Greetings from the BSD Super BOF
by Chuck Toporek06/29/2001
Thursday evening at the USENIX Annual Technical Conference in Boston brought what seemed like a lightning round of BSD-related Birds-of-a-Feather (BOF) sessions. There were presentations by all of the BSD's, including NetBSD, OpenBSD, FreeBSD, BSD/OS, and from an Apple representative talking about Mac OS X. The presentations were short but packed with lots of information, with most ending in a brief Q & A session.

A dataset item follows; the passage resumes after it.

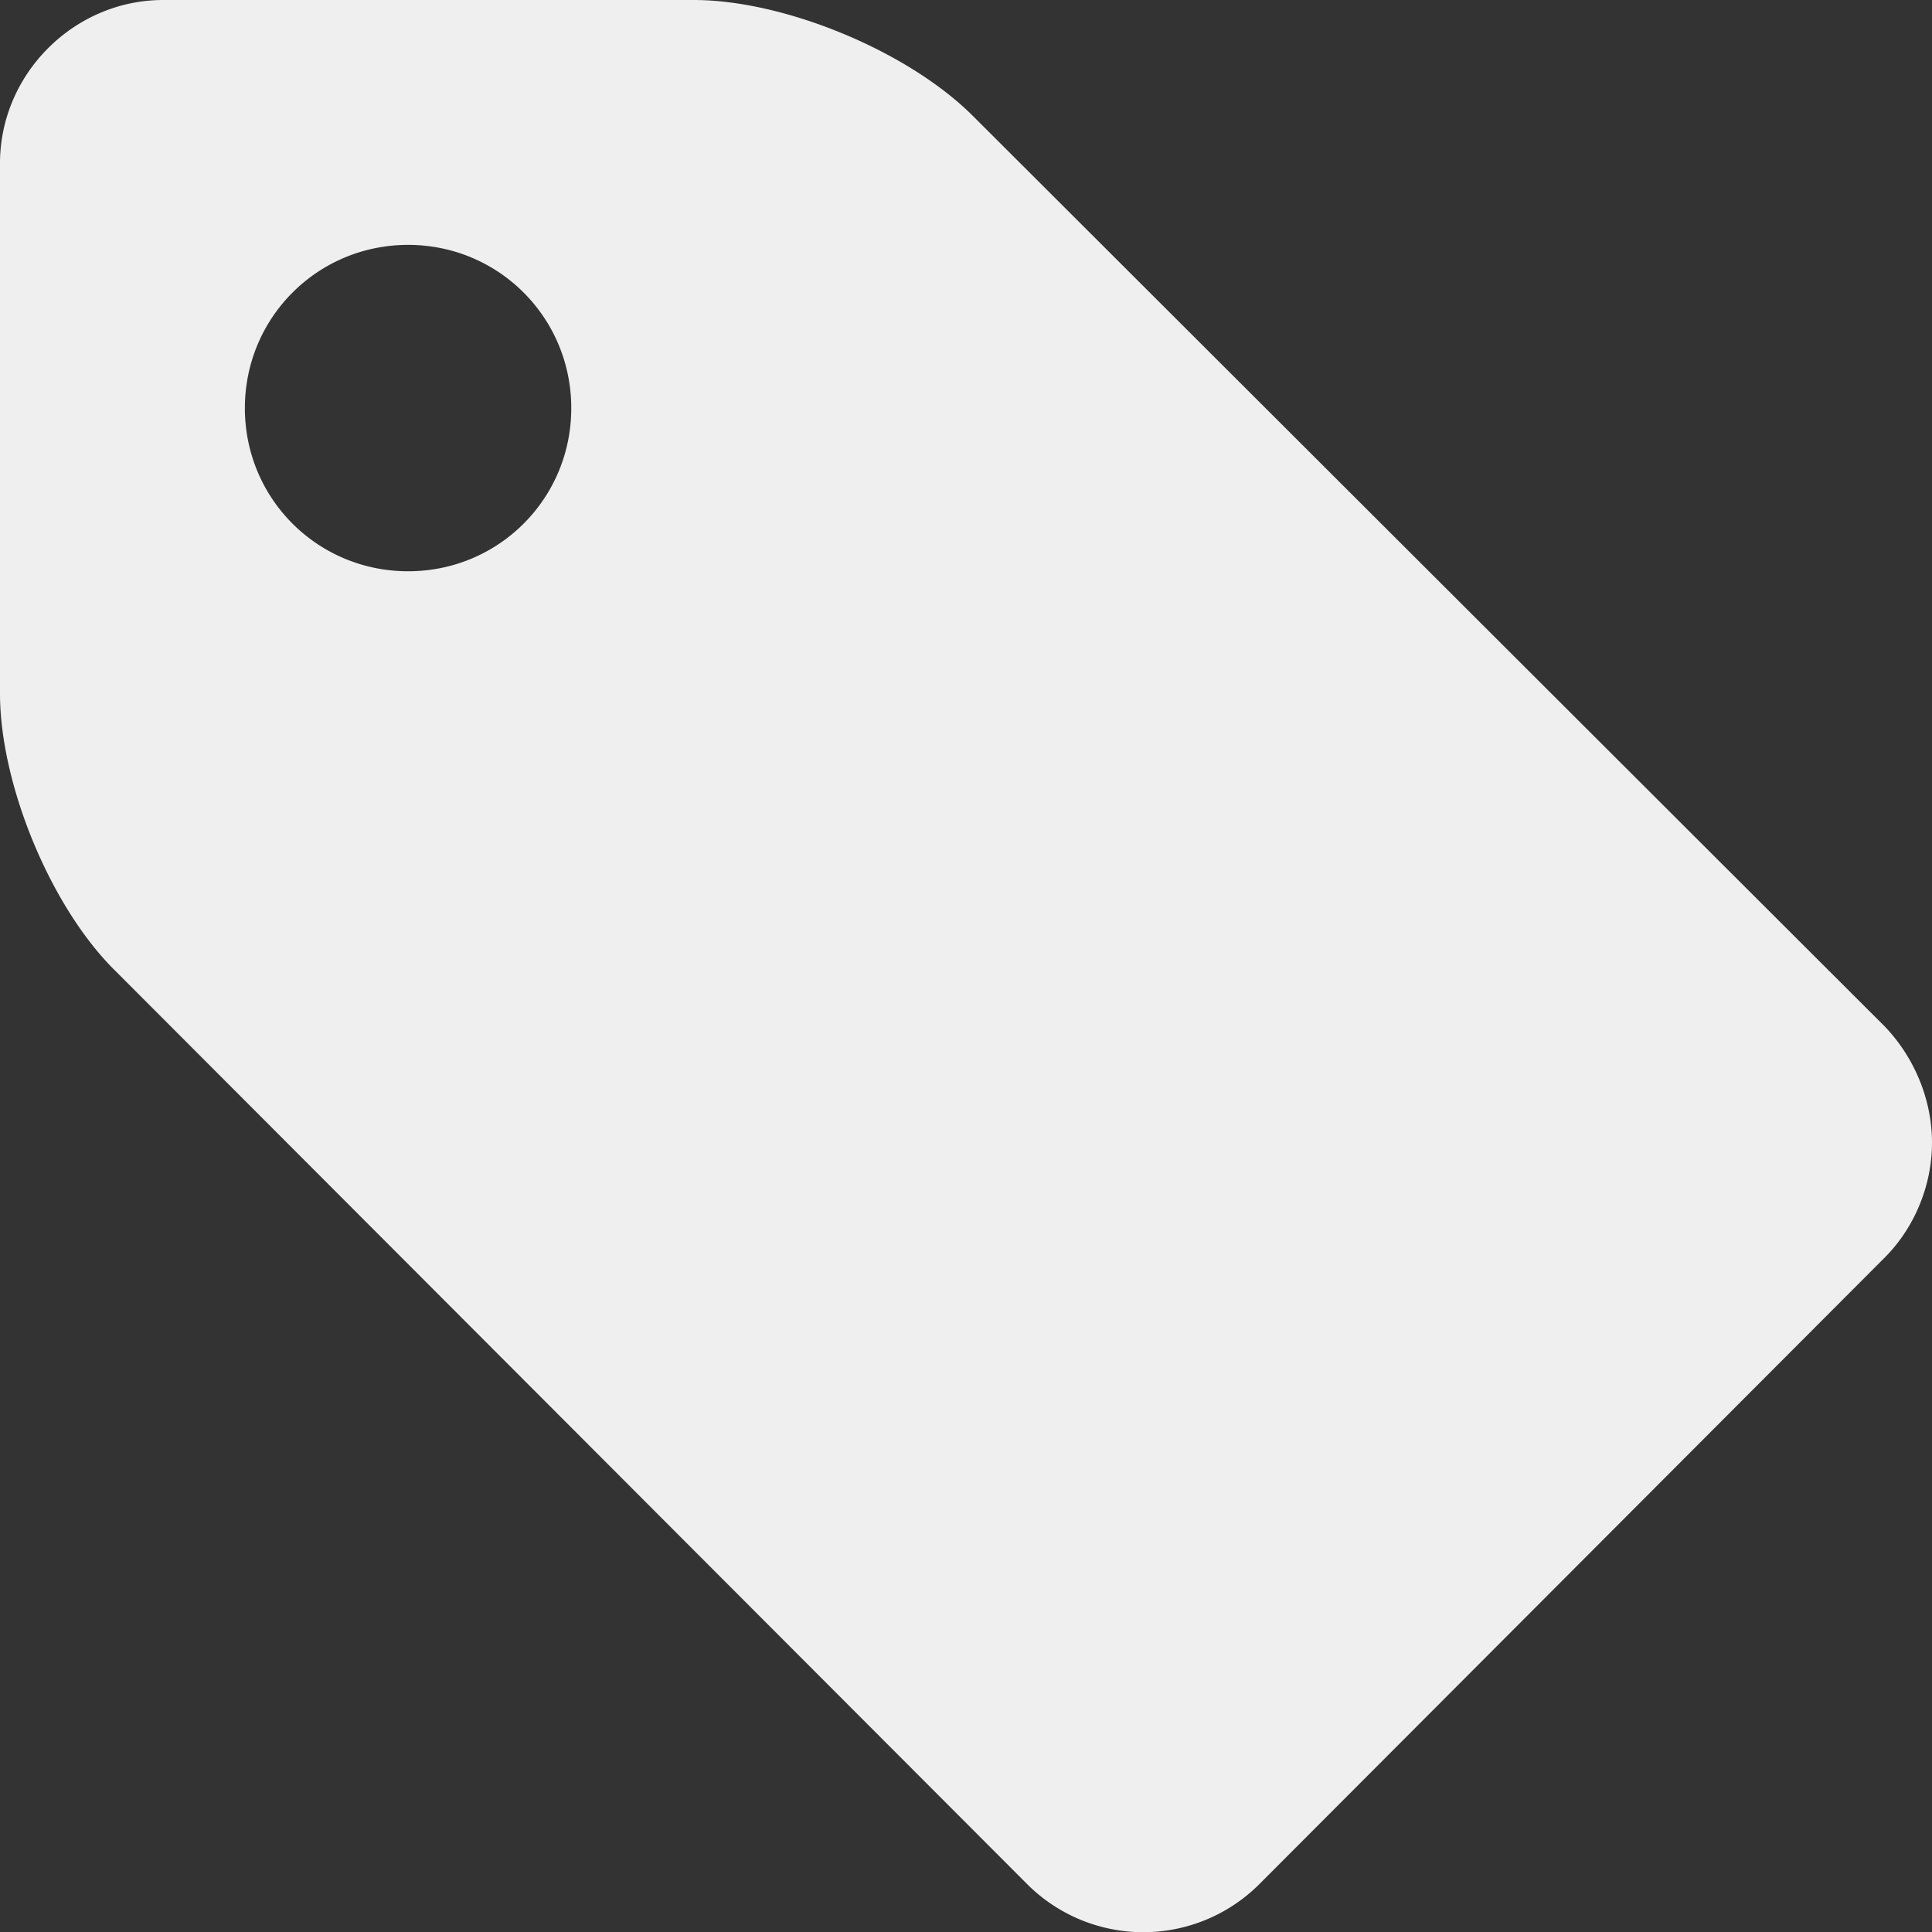 <svg xmlns="http://www.w3.org/2000/svg" width="16" height="16"><rect width="100%" height="100%" fill="#333333" stroke="none"/><path d="M4.731 3.38c0-.75-.602-1.352-1.351-1.352-.75 0-1.352.602-1.352 1.352 0 .75.602 1.351 1.352 1.351.75 0 1.351-.602 1.351-1.351zM16 9.463c0 .359-.148.707-.39.95l-5.186 5.196a1.36 1.36 0 01-1.912 0L.962 8.047C.421 7.52 0 6.495 0 5.745V1.352C0 .612.613 0 1.352 0h4.393c.75 0 1.774.422 2.313.961l7.551 7.54c.243.254.391.603.391.962z" fill="#efefef"/></svg>

Here are some of the bullet-by-bullet highlights:
The NetBSD Project BOF
- Presenters: Christos Zoulas, NetBSD Core (Christos); and Luke Mewburn, NetBSD Core (Luke).
- Goal: Highly portable
- Subsystems are designed with a high level of abstraction
- Available on 16 CPU families and 44 architectures (ports)
- Binary compatible
- State-of-the-art security
- Approximately 250 developers
- Management via Board and Core
- Project Reorganization:
- In the process of clarifying the structure, role and assignment of Board and Core
- New bylaws have been accepted by the Core; to be released to and ratified by the NetBSD developer community
- U.S. nonprofit organization status 501(c)3; waiting on bylaws to be ratified
- 9,923K lines of code in release 1.5 (4751K for the kernel) with 212 developers
- Currently 15,362K lines of code, 5,052K LOC for the kernel with 252 developers
- Ran through a list of supported platforms and improved machine support for the various platforms
- Performance enhancements include multiplatform symmetric multiprocessing, high-performance user threads via scheduler activation support in the kernel (on branch), and virtual memory improvements
- Lots of new drivers, with sound and RAID support for SCSI and IDE
- Networking, Universal serial bus (USB)
- Miscellaneous Kernel stuff
- Supports ISDN, 802.1Q (VLANs), 802.11 wireless, etc.
- Userland:
- native port of the Sun JVM in progress
- internationalization
- X11
- Packages: bzip2 support, sonsolidate package build information to save time and space; better xpkgwedge support
- Release schedule:
- 1.5.1 available now
- 1.6 (end of year)
- SMP on alpha, i386, sparc, sparc64, vax
- Scheduler activations
- kernel queues
- faster pipe
- improved installation tools
- package-ized base system
- gcc 2.95 integration
- ELF integration
- Future directions:
- more crypto /security work
- performance enhancements
- multilingual improvements
- kernel linker for enhanced LKM support
- "Doors" for faster localhost RPC
- Dynamic support in switch
- Ran through 40 slides in less than 20 minutes. Presentation will be available online at some point.
The OpenBSD Group BOF
- Also titled "The TiredBSD BOF"
- 30 developers in Boston since last Thursday
- Used space at the PDOS group in LCS at MIT:
- Gratefully appreciate assistance from Kevin Fu
- Thanks to Nate Binkert who helped with local hardware
- Very productive
- Tired, tired, tired, tired, tired, tired...
- DARPA:
- OpenBSD received a DARPA grant to continue the security work its been doing
- Thanks to Jonathan M. Smith and Angelos Keromytis for negotiating this
- This is a great opportunity for OpenBSD
- Licenses:
- ssh
- ipf
- multicast toolsets:
- Xerox, USC, Stanford
- tcpdump, ppp, pppd
- Many others
- We are attempting to clear up the remaining issues now.
- OpenSSH:
- Received a legal threat from SSH.com, demanding that they change the OpenBSD name, which they refused (good for you!)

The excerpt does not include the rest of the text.